■ **Description of the task**:
Go through the listing and return every line with "stroke" in it.
___ Stored data
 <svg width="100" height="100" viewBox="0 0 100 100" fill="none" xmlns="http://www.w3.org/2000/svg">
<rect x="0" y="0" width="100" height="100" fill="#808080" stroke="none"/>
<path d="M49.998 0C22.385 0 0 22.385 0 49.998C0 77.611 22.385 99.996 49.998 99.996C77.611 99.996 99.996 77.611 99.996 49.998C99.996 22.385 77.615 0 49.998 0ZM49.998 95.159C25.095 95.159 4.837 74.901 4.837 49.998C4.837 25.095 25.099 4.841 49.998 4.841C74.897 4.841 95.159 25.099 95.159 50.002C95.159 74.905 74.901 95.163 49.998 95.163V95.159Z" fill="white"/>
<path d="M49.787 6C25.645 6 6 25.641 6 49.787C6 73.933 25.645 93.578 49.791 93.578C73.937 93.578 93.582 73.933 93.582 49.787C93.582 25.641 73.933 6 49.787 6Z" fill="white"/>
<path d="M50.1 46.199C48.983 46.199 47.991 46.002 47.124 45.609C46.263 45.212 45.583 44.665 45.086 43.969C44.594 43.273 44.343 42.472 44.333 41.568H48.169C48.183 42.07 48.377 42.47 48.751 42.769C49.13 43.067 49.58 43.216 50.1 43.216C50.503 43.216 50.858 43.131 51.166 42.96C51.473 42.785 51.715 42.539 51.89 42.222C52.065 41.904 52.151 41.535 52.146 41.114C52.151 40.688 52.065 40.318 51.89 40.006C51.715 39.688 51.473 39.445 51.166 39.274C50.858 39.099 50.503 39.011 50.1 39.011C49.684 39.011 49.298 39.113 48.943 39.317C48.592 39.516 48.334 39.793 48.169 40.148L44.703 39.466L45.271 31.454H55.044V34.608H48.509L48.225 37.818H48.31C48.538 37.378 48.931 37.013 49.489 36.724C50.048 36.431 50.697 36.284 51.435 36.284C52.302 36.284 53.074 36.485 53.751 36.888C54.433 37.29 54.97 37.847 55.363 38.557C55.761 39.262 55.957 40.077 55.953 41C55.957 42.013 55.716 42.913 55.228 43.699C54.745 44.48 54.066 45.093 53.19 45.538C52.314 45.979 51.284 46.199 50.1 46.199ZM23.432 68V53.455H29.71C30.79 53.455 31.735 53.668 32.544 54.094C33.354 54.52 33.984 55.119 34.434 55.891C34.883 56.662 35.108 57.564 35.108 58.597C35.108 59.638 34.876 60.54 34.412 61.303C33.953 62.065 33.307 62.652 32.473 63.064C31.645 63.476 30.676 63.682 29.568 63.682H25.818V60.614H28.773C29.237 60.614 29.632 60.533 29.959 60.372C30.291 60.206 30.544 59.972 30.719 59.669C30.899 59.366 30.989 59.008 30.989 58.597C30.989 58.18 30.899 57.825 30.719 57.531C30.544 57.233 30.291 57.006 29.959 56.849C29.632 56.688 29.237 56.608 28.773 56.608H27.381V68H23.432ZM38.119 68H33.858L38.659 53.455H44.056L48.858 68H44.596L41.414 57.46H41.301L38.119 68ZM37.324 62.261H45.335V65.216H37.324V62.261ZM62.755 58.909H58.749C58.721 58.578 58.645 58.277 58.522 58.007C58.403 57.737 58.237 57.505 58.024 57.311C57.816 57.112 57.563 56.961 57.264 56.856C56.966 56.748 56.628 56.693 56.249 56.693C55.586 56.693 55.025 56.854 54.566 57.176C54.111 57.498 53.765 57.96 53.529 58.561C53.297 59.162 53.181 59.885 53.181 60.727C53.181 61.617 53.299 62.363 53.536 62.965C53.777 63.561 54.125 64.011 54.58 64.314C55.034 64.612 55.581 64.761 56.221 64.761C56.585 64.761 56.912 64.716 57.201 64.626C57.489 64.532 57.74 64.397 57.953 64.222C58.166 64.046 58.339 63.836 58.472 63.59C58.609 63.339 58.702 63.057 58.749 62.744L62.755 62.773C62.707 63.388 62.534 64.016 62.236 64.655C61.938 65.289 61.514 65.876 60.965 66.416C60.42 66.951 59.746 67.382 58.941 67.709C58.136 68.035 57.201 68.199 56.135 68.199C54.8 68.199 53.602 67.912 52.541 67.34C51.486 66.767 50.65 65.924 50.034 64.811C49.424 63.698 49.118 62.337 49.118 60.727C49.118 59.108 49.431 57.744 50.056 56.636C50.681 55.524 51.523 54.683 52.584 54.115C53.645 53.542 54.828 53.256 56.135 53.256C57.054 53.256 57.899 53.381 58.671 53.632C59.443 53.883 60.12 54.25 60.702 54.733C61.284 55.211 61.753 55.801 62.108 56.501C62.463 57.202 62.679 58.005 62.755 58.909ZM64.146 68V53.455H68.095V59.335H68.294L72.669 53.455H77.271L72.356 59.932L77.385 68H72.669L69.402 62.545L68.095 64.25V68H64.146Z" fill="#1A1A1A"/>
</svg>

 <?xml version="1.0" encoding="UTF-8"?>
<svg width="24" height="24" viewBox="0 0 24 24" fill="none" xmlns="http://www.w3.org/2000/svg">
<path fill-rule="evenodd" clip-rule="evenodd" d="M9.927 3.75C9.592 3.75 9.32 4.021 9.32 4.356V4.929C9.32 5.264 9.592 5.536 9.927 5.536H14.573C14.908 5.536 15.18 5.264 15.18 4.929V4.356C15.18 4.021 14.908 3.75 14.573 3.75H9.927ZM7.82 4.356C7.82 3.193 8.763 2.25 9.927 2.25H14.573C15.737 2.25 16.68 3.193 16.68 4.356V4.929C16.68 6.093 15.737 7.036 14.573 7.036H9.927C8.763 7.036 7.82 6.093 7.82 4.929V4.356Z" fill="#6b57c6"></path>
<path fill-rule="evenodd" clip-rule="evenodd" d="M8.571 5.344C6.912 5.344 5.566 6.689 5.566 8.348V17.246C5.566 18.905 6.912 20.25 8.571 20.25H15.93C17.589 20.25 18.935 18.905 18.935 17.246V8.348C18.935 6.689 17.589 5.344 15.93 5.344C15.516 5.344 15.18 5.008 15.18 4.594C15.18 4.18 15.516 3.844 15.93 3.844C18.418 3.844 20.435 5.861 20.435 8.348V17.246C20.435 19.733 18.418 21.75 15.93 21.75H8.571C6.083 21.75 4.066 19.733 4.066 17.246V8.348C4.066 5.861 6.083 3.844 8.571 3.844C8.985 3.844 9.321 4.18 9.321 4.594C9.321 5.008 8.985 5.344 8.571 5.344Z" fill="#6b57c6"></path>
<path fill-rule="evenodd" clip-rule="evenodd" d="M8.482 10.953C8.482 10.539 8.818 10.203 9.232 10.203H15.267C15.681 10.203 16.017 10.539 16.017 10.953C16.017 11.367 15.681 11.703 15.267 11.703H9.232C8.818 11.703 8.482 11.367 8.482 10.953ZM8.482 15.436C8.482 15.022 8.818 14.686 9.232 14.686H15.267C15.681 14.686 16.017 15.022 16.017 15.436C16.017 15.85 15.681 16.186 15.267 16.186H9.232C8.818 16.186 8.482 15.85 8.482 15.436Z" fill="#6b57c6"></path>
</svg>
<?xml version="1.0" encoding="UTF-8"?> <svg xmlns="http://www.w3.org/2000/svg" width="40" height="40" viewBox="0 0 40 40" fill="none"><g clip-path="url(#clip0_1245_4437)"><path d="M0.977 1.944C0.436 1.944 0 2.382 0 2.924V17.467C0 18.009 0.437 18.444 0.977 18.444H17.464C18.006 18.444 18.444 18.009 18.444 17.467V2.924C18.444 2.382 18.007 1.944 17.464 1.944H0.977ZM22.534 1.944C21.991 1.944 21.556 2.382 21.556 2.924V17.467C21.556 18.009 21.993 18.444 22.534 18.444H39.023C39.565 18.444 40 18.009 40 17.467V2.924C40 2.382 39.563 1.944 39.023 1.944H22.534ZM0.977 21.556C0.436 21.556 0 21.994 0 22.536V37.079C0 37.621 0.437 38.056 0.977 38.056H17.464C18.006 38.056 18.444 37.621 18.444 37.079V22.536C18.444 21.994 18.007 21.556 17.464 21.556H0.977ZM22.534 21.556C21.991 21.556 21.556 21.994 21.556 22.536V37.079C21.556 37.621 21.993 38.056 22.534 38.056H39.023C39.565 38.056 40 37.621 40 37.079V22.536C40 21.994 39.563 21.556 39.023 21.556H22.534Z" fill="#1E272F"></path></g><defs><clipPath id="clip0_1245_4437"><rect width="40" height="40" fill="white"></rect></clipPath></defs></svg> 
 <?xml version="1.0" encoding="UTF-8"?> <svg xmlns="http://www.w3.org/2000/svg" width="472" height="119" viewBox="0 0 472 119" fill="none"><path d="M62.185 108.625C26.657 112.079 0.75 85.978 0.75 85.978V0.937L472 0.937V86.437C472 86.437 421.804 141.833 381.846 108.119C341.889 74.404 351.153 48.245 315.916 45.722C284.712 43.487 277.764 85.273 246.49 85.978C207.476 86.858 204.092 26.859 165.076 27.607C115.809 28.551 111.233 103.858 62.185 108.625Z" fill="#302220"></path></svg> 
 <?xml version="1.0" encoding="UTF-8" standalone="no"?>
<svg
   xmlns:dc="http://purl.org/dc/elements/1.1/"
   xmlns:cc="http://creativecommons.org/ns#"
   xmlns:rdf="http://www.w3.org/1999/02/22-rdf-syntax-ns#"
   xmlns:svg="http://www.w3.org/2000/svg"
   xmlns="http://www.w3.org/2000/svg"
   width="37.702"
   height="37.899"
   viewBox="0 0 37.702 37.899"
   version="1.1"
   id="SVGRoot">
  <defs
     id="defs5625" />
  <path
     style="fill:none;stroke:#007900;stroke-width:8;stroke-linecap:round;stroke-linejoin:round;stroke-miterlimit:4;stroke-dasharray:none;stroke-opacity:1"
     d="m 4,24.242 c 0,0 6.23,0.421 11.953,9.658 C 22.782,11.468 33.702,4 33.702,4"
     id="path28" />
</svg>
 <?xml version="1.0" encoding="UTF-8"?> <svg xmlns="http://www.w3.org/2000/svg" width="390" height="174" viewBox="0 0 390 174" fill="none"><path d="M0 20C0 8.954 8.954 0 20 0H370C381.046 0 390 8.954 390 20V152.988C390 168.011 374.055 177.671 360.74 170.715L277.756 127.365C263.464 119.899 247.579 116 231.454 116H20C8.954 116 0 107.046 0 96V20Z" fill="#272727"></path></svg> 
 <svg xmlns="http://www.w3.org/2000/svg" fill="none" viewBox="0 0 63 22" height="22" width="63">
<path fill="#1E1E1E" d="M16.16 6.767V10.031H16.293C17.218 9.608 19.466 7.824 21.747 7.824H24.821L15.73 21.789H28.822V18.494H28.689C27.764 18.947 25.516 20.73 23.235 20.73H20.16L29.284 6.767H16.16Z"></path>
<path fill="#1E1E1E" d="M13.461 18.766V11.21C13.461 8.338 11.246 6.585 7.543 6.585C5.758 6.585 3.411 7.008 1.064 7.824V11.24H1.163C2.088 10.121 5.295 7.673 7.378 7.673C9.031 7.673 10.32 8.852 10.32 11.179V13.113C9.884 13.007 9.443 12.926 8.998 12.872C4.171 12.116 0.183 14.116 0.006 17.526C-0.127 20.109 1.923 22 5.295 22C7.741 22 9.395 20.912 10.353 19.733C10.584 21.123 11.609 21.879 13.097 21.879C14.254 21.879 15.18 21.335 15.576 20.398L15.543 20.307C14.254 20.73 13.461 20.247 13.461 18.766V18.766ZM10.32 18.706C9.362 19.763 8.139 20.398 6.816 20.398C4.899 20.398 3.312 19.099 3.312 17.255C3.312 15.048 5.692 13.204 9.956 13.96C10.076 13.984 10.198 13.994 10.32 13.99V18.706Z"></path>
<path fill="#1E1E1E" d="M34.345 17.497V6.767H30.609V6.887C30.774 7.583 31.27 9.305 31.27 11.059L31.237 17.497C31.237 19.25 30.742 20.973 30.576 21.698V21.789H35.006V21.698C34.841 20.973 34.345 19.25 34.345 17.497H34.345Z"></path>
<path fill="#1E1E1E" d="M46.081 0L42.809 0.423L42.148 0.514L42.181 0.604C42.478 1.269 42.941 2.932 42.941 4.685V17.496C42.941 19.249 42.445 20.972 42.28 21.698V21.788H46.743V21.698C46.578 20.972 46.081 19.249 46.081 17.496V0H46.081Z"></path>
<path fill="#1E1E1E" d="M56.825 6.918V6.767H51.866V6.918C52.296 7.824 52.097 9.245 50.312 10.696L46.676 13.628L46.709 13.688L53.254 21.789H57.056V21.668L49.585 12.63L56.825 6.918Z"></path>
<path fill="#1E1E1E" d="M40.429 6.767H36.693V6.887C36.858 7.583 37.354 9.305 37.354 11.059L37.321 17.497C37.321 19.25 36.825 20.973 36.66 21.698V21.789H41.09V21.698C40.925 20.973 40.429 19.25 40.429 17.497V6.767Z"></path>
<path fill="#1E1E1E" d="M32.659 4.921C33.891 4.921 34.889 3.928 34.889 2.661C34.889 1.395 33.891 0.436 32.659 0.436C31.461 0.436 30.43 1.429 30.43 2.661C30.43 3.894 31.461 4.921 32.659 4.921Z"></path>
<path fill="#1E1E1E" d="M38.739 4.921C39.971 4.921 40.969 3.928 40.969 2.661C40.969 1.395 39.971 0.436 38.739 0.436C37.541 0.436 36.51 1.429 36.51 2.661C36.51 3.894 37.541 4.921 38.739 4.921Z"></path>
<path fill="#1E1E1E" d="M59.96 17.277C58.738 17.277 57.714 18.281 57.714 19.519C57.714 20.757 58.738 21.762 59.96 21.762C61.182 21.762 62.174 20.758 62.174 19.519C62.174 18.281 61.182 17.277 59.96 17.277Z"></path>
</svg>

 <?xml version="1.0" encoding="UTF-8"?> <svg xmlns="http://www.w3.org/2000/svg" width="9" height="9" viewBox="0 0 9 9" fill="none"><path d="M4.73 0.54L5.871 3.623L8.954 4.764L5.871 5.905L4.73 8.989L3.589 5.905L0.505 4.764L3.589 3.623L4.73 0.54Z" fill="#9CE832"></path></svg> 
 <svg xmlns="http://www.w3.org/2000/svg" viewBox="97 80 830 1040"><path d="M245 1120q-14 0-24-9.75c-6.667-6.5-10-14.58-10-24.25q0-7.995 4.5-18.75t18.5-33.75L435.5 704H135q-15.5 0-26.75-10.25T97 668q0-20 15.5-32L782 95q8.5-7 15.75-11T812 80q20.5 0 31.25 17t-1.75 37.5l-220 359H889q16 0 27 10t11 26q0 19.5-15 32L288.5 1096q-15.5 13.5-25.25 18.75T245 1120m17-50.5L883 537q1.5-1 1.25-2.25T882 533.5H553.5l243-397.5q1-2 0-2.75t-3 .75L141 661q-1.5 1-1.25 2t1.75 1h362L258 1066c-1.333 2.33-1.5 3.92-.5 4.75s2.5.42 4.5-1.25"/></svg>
______
■ **Problem solution**:
<rect x="0" y="0" width="100" height="100" fill="#808080" stroke="none"/>
     style="fill:none;stroke:#007900;stroke-width:8;stroke-linecap:round;stroke-linejoin:round;stroke-miterlimit:4;stroke-dasharray:none;stroke-opacity:1"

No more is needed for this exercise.